Before the issue can go on a ballot, the charter review commission has to give its OK. After weeks of lobbying, the 30 or so gay-rights activists in the room knew they had six of the necessary seven votes (of 13 present members). But the board's staff attorney, Alison Yurko, plainly felt that amending the charter was unnecessary. And board chairman Tom Wilkes, a former county attorney himself, was reluctant.

When the voice vote came after a half-hour of discussion, the yeas and nays reached an equal volume. Wilkes ordered a roll call. By an 8 to 5 count, the proposal passed. It was a minor victory, as the proposed changes still have to endure two public hearings -- the first on April 26 -- which will likely be dominated by the same nasty rhetoric that defined that Chapter 57 debate two years ago. And that's just to make the November ballot.

For now, however, it was time to cheer. The gay-rights activists jumped to their feet, loudly applauding the charter commission and Leecie Doyle, their biggest supporter on the panel. Doyle smiled, and almost blushed.

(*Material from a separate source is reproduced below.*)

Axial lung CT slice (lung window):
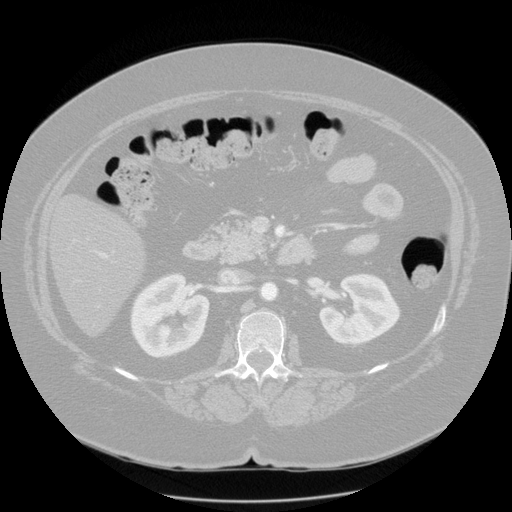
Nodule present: no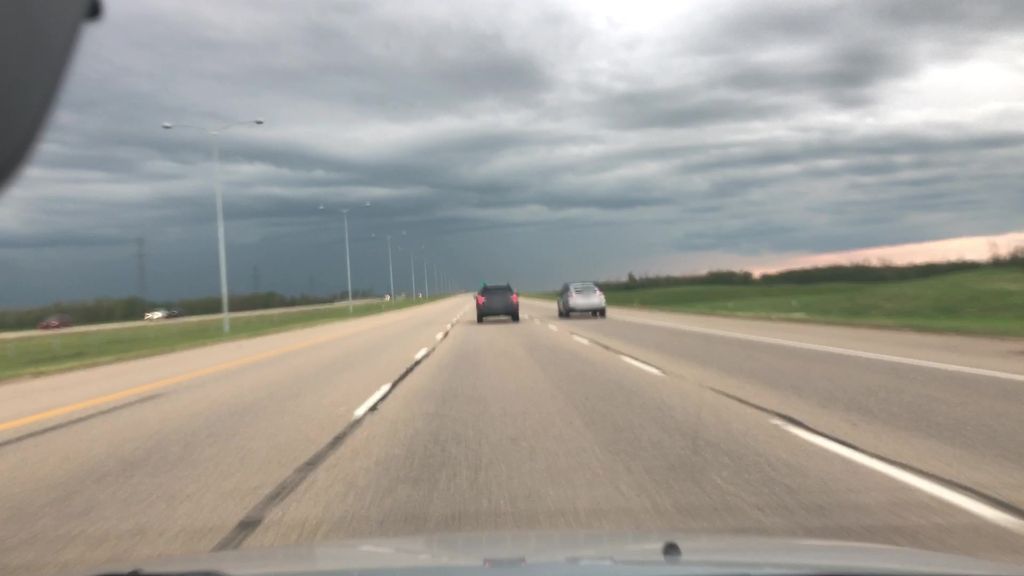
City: edmonton

In no small part, the victory came thanks to Sam Odom's Orlando Anti-Discrimination Ordinance Committee, the gay-rights group that was the chief proponent of Chapter 57.

Seated next to Odom was Patrick Howell, a young lawyer who will take center stage in the county's coming equal-rights battle as head of the Log Cabin Republicans Orlando, the local chapter of the largest gay Republican group in the country.

In the year since Howell re-formed the group -- an earlier version fizzled in the mid-'90s -- it has become a force to be reckoned with within the gay community and in the Republican Party itself. Already, it claims at least 35 dues-paying members. And Howell also convinced Orange County chairman Rich Crotty to extend equal protections to the county's gay and lesbian employees last year, a precursor of the charter amendment.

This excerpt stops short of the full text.